Novel HSPB1 mutation causes both motor neuronopathy and distal myopathy.

OBJECTIVE: To identify the cause of isolated distal weakness in a family with both neuropathic and myopathic features on EMG and muscle histology.
METHODS: Case study with exome sequencing in 2 affected individuals, bioinformatic prioritization of genetic variants, and segregation analysis of the likely causal mutation.
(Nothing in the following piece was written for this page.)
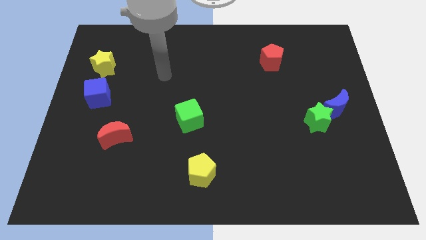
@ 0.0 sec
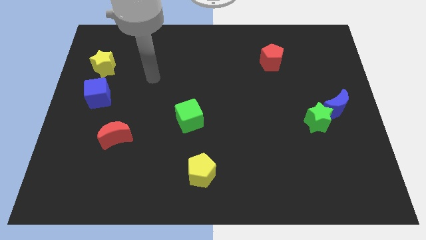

Functional studies included Western blot analysis of the candidate protein before and after heat shock treatment of primary skin fibroblasts.
RESULTS: A novel HSPB1 variant (c.387C>G, p.Asp129Glu) segregated with the phenotype and was predicted to alter the conserved α-crystallin domain common to small heat shock proteins. At baseline, there was no difference in HSPB1 protein levels nor its binding partner αB-crystallin. Heat shock treatment increased HSPB1 protein levels in both patient-derived and control fibroblasts, but the associated increase in αB-crystallin expression was greater in patient-derived than control fibroblasts.
CONCLUSIONS: The HSPB1 variant (c.387C>G, p.Asp129Glu) is the likely cause of distal neuromyopathy in this pedigree with pathogenic effects mediated through binding to its partner heat shock protein αB-crystallin. Mutations in HSBP1 classically cause a motor axonopathy, but this family shows that the distal weakness can be both myopathic and neuropathic. The traditional clinical classification of distal weakness into "myopathic" or "neuropathic" forms may be misleading in some instances, and future treatments need to address the pathology in both tissues.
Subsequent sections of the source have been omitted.